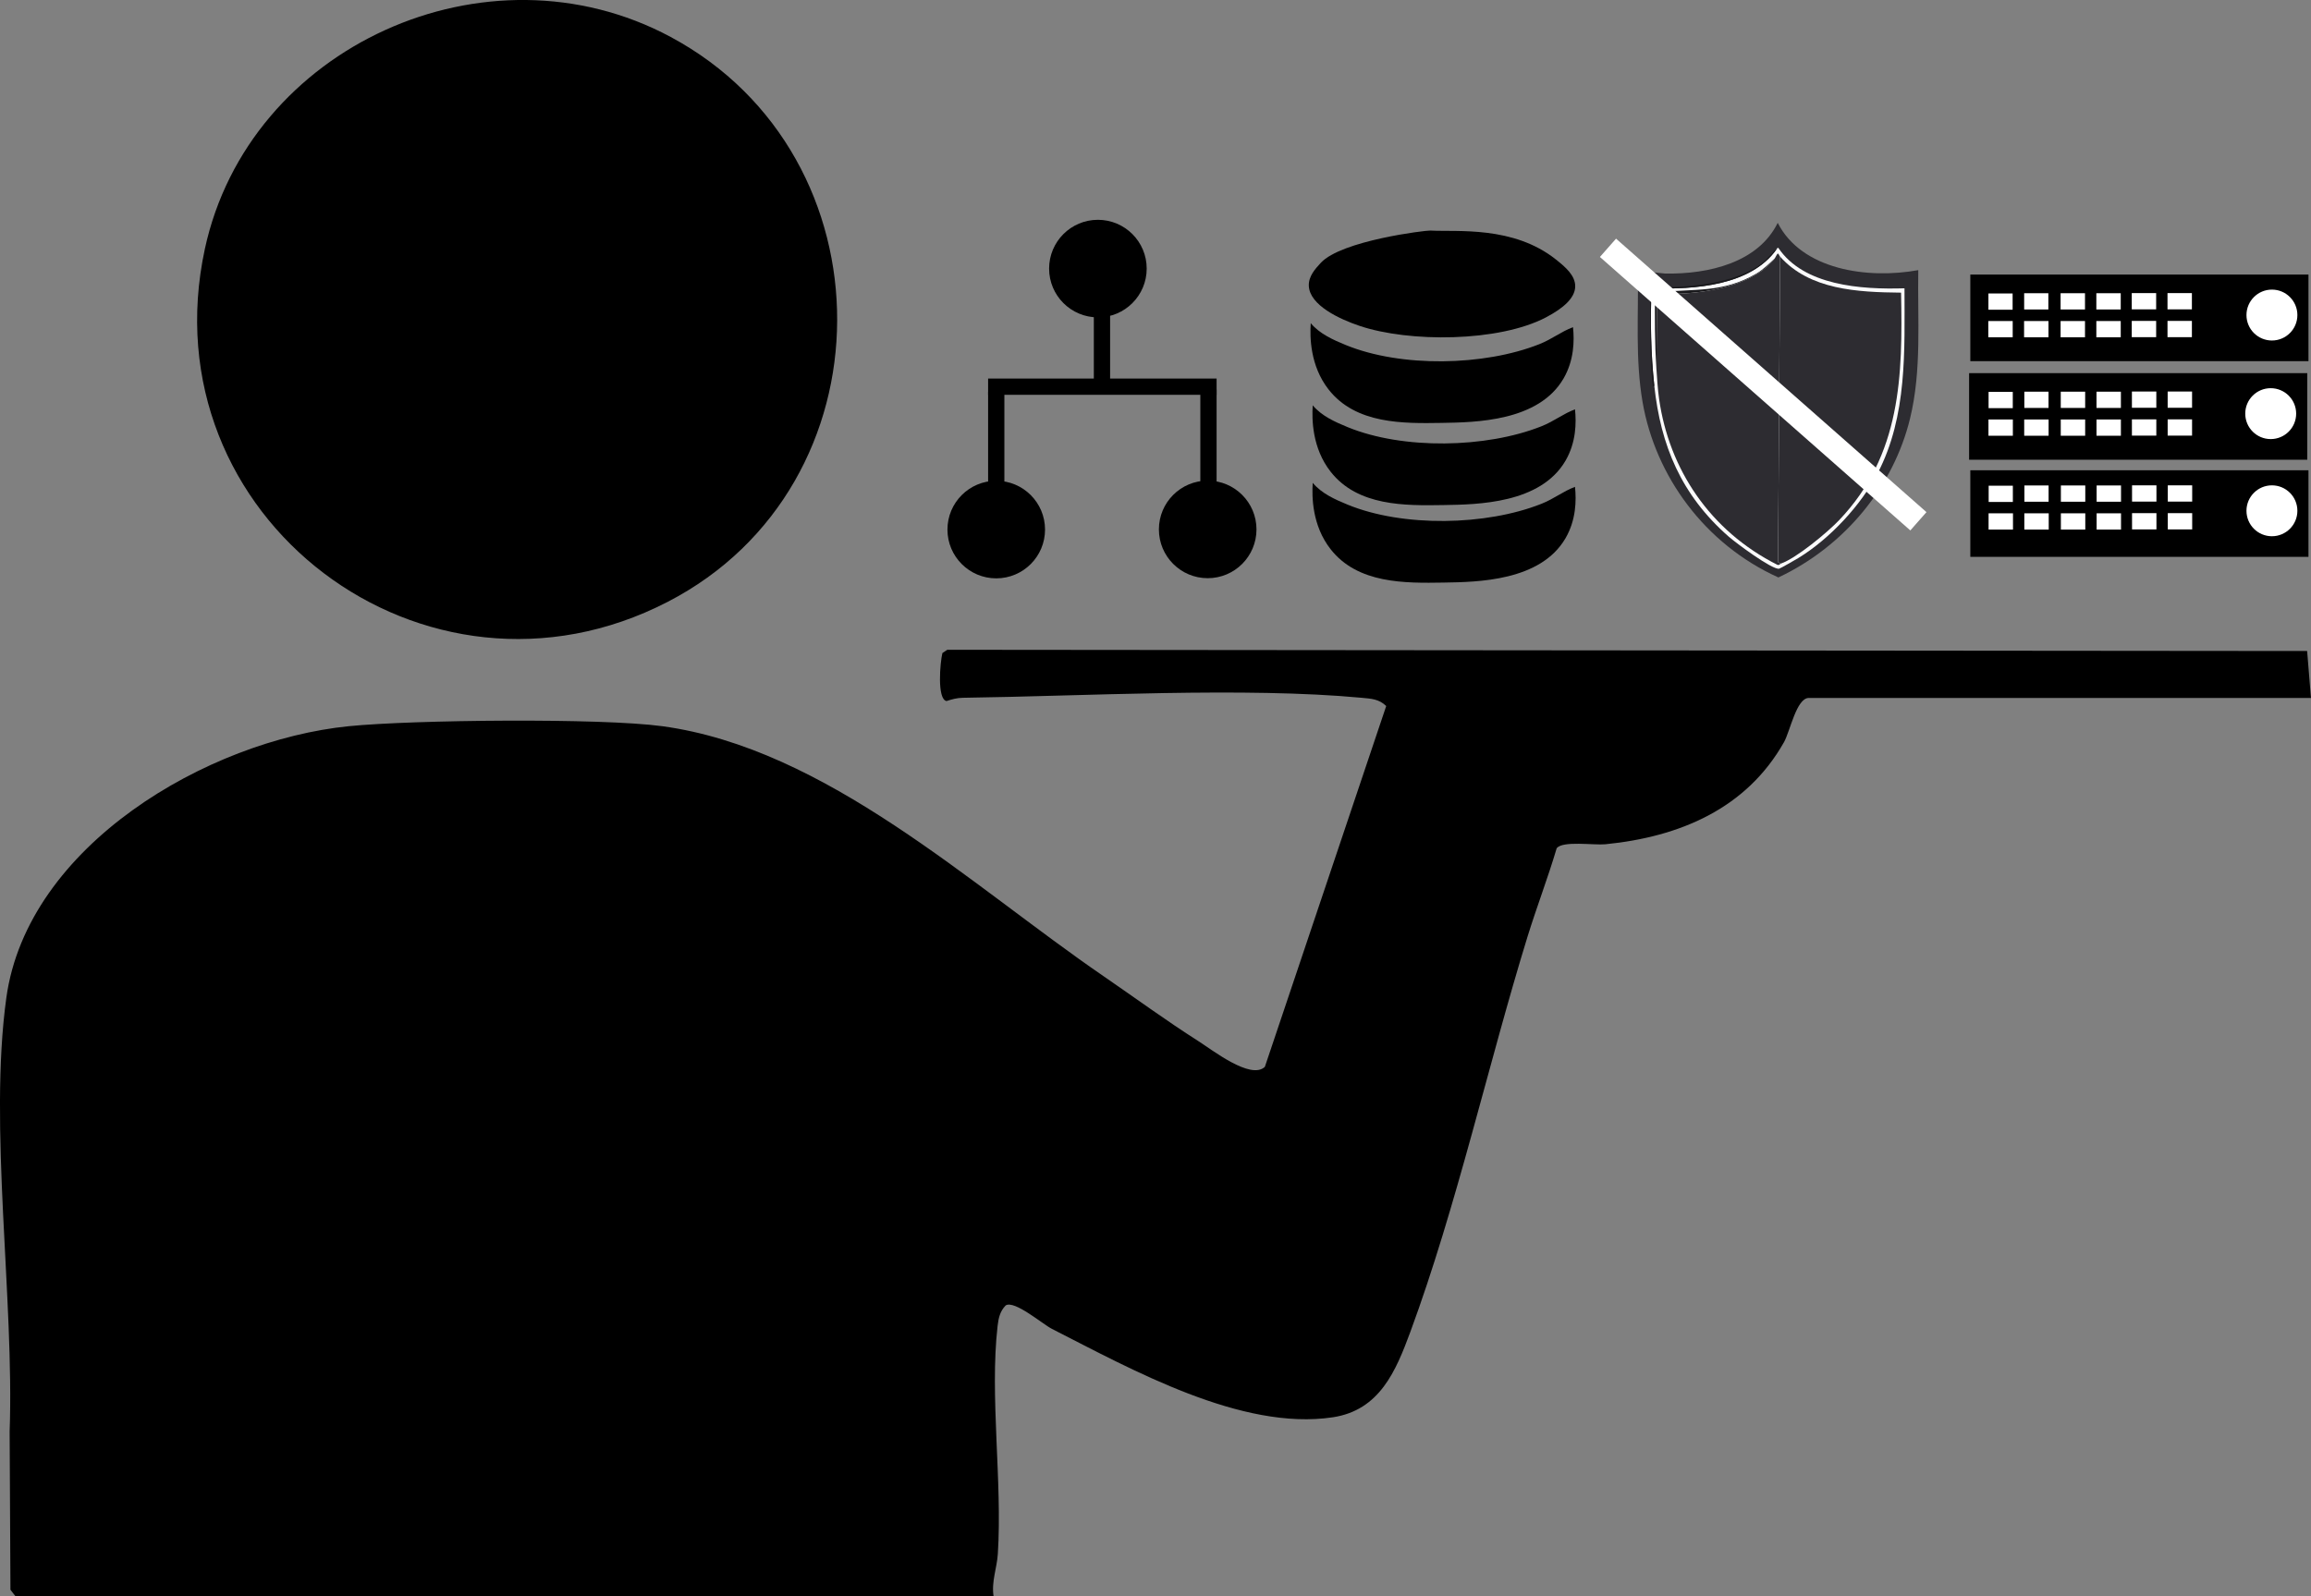 <?xml version="1.0" encoding="UTF-8"?>
<svg xmlns="http://www.w3.org/2000/svg" viewBox="0 0 568.33 392.69"><rect x="0" y="0" width="568.33" height="392.69" fill="#808080" stroke="none"/>
  <defs>
    <style>
      .cls-1 {
        fill: #19191c;
      }

      .cls-2 {
        fill: #2d2c31;
      }

      .cls-3 {
        fill: #fff;
      }

      .cls-4 {
        stroke: #fff;
        stroke-width: 6px;
      }

      .cls-4, .cls-5 {
        fill: none;
        stroke-miterlimit: 10;
      }

      .cls-5 {
        stroke: #000;
        stroke-width: 4px;
      }

      .cls-6 {
        fill: #fbfbfc;
      }
    </style>
  </defs>
  <g id="Layer_1" data-name="Layer 1">
    <path d="M568.33,171.69h-123.5c-3.04,0-4.61,8.24-6.11,10.89-9.26,16.38-25.69,23.29-43.9,25.1-2.83.28-10.59-.93-12,1-2.17,7.33-4.94,14.51-7.19,21.81-9.62,31.22-17.45,66.42-28.81,97.19-3.53,9.55-7.52,19.21-19.04,20.96-22.43,3.39-49.38-11.71-69.11-21.76-2.26-1.15-9.17-7.1-11.34-5.76-1.41,1.43-1.78,3.14-2,5.06-1.97,17.21,1.2,38.27.06,56.06-.22,3.49-1.62,6.86-1.04,10.46H3.83l-1.26-1.63-.2-38.91c1.16-32.56-5.2-75-.81-106.73,5.18-37.44,49.49-63.3,84.21-66.79,15.77-1.58,61.97-2.06,77.1,0,40.27,5.49,75.82,39.08,108.51,61.49,7.59,5.21,15.64,11.09,23.18,15.88,3.52,2.23,13.03,9.73,16.5,6.42l29.84-88.75c-1.79-1.75-3.72-1.81-6.03-2.03-28.7-2.69-68.38-.4-98.11,0-1.39.02-2.69.37-3.98.8-2.39-.41-1.58-9.59-1.02-11.81l1.2-.8,334.42.3.94,11.56Z"/>
    <path d="M164.93,9.09c54.74,29.37,54.7,110.32-.73,138.96-59.62,30.81-128.08-20.76-113.82-86.82C61.15,11.39,119.75-15.15,164.93,9.09Z"/>
    <path d="M351.81,56.72c6.52.35,20.37-1.23,30.85,7.13,2.18,1.74,4.81,3.89,4.72,6.69-.09,2.76-2.85,5.25-7.17,7.52-11.61,6.11-33.67,6.21-45.86,2.1-4.93-1.66-12.25-5.05-12.48-9.82-.11-2.36,1.57-4.19,2.94-5.68,5.06-5.48,25.76-8.01,27-7.95Z"/>
    <path d="M387.33,100.69c.35,3.3.28,8.15-2.34,12.65-6.15,10.53-21.51,10.77-29.99,10.9-9.42.15-21.09.33-27.78-8.22-4.57-5.84-4.61-12.94-4.39-16.31,2.2,2.62,5.48,4.09,8.61,5.37,13.6,5.57,34.02,5.18,47.59-.2,3.19-1.26,5.3-3.06,8.3-4.19Z"/>
    <path d="M387.33,119.76c.35,3.3.28,8.15-2.34,12.65-6.15,10.53-21.51,10.77-29.99,10.9-9.42.15-21.09.33-27.78-8.22-4.57-5.84-4.61-12.94-4.39-16.31,2.2,2.62,5.48,4.09,8.61,5.37,13.6,5.57,34.02,5.18,47.59-.2,3.19-1.26,5.3-3.06,8.3-4.19Z"/>
    <path d="M386.84,80.48c.35,3.3.28,8.15-2.34,12.65-6.15,10.53-21.51,10.77-29.99,10.9-9.42.15-21.09.33-27.78-8.22-4.57-5.84-4.61-12.94-4.39-16.31,2.2,2.62,5.48,4.09,8.61,5.37,13.6,5.57,34.02,5.18,47.59-.2,3.19-1.26,5.3-3.06,8.3-4.19Z"/>
  </g>
  <g id="switch1">
    <rect x="484.55" y="67.54" width="83.16" height="21.3"/>
    <circle class="cls-3" cx="558.72" cy="77.5" r="6.26"/>
    <rect class="cls-3" x="489" y="72.19" width="5.95" height="4"/>
    <rect class="cls-3" x="488.97" y="78.97" width="6" height="4"/>
    <rect class="cls-3" x="497.79" y="72.13" width="5.95" height="4"/>
    <rect class="cls-3" x="497.77" y="78.97" width="6" height="4"/>
    <rect class="cls-3" x="506.75" y="72.13" width="6" height="4"/>
    <rect class="cls-3" x="506.75" y="78.97" width="6" height="4"/>
    <rect class="cls-3" x="515.54" y="72.13" width="6" height="4"/>
    <rect class="cls-3" x="515.54" y="78.97" width="6" height="4"/>
    <rect class="cls-3" x="524.25" y="72.1" width="6" height="4"/>
    <rect class="cls-3" x="524.25" y="78.94" width="6" height="4"/>
    <rect class="cls-3" x="533.04" y="72.1" width="6" height="4"/>
    <rect class="cls-3" x="533.04" y="78.94" width="6" height="4"/>
  </g>
  <g id="switch1_copy" data-name="switch1 copy">
    <rect x="484.25" y="91.79" width="83.16" height="21.3"/>
    <circle class="cls-3" cx="558.42" cy="101.75" r="6.26"/>
    <rect class="cls-3" x="489.04" y="96.4" width="5.95" height="4"/>
    <rect class="cls-3" x="489.01" y="103.19" width="6" height="4"/>
    <rect class="cls-3" x="497.83" y="96.35" width="5.95" height="4"/>
    <rect class="cls-3" x="497.8" y="103.19" width="6" height="4"/>
    <rect class="cls-3" x="506.79" y="96.35" width="6" height="4"/>
    <rect class="cls-3" x="506.79" y="103.19" width="6" height="4"/>
    <rect class="cls-3" x="515.58" y="96.35" width="6" height="4"/>
    <rect class="cls-3" x="515.58" y="103.19" width="6" height="4"/>
    <rect class="cls-3" x="524.29" y="96.31" width="6" height="4"/>
    <rect class="cls-3" x="524.29" y="103.16" width="6" height="4"/>
    <rect class="cls-3" x="533.08" y="96.31" width="6" height="4"/>
    <rect class="cls-3" x="533.08" y="103.16" width="6" height="4"/>
  </g>
  <g id="switch1_copy_2" data-name="switch1 copy 2">
    <rect x="484.55" y="115.68" width="83.16" height="21.3"/>
    <circle class="cls-3" cx="558.72" cy="125.65" r="6.26"/>
    <rect class="cls-3" x="489.06" y="119.48" width="5.95" height="4"/>
    <rect class="cls-3" x="489.04" y="126.27" width="6" height="4"/>
    <rect class="cls-3" x="497.85" y="119.42" width="5.95" height="4"/>
    <rect class="cls-3" x="497.83" y="126.27" width="6" height="4"/>
    <rect class="cls-3" x="506.82" y="119.42" width="6" height="4"/>
    <rect class="cls-3" x="506.82" y="126.27" width="6" height="4"/>
    <rect class="cls-3" x="515.61" y="119.42" width="6" height="4"/>
    <rect class="cls-3" x="515.61" y="126.27" width="6" height="4"/>
    <rect class="cls-3" x="524.32" y="119.39" width="6" height="4"/>
    <rect class="cls-3" x="524.32" y="126.23" width="6" height="4"/>
    <rect class="cls-3" x="533.11" y="119.39" width="6" height="4"/>
    <rect class="cls-3" x="533.11" y="126.23" width="6" height="4"/>
  </g>
  <g id="network">
    <circle cx="270" cy="66.07" r="12"/>
    <circle cx="245" cy="130.27" r="12"/>
    <circle cx="297" cy="130.23" r="12"/>
    <line class="cls-5" x1="243" y1="95.12" x2="299.19" y2="95.12"/>
    <line class="cls-5" x1="271" y1="75.37" x2="271" y2="96.02"/>
    <line class="cls-5" x1="245" y1="96.37" x2="245" y2="120.02"/>
    <line class="cls-5" x1="297.19" y1="95.83" x2="297.19" y2="119.49"/>
  </g>
  <g id="sheild">
    <g id="Generative_Object" data-name="Generative Object">
      <path class="cls-2" d="M437.18,54.81c5.89,11.59,22.1,13.91,34.57,11.64-.21,12.19.89,24.56-2.03,36.53-4.03,16.52-15.85,31.27-32.37,39.07-18.18-8.22-30.24-24.99-33.39-43.08-1.86-10.69-.97-21.58-1.18-32.37l6.68.69c10.82.2,22.97-2.74,27.73-12.49Z"/>
      <path class="cls-6" d="M406.83,94.89c-.86-7.94-.99-15.98-.68-23.97,10.71.33,24.43-.66,30.77-9.63.02-.01.16-.4.42-.31,6.21,9.25,20.21,10.28,31.02,9.94,0,15.28.74,31.38-6.59,45.47-4.04,7.77-11.67,16.1-19.53,20.89-.57.34-4.46,2.59-4.73,2.62-1.82.22-10.69-6.42-12.34-7.86-11.78-10.29-16.77-22.53-18.34-37.15Z"/>
      <g>
        <path class="cls-1" d="M436.92,61.29c-6.34,8.97-20.06,9.96-30.77,9.63-.31,7.98-.18,16.03.68,23.97l-.34.23c-.9-8.09-.65-16.22-.68-24.35,8.99-.06,20.95-.68,27.98-6.4.99-.81,2.24-2.62,3.13-3.08Z"/>
        <path class="cls-2" d="M437.94,138.66l-.68-.39.51-75.14c7.28,8.16,18.95,8.75,29.75,8.86.4,20.37.08,39.88-15.22,55.95-2.82,2.96-10.49,9.37-14.37,10.71Z"/>
        <path class="cls-2" d="M437.77,63.14l-.51,75.14.68.39c-.31.11-.29.35-.76.31-16.77-8.44-26.69-23.63-29.16-40.77-.36-2.52-.5-5.1-.68-7.63l.17-18.65c.06,0,.11,0,.17,0,2.3.54,5.41.35,7.86.15,7.17-.58,16.63-2.85,20.88-8.48.23-.3.45-.91.76-1.23.23-.02.4.55.59.77Z"/>
        <path class="cls-1" d="M407.68,71.92c8.88-.97,15.99.25,24.26-4.62,1.7-1,3.08-2.4,4.48-3.7-4.25,5.63-13.71,7.9-20.88,8.48-2.45.2-5.56.39-7.86-.15Z"/>
        <path class="cls-1" d="M407.51,71.92l-.17,18.65c-.42-6.19-.36-12.37-.34-18.57.28-.39.34-.06.51-.08Z"/>
      </g>
    </g>
    <line class="cls-4" x1="395.44" y1="60.96" x2="471.78" y2="128.23"/>
  </g>
</svg>

- Your instructions:
Taking the records above line by line, count those that hold the word "name"; the number is the entire answer.

- Expected answer:
4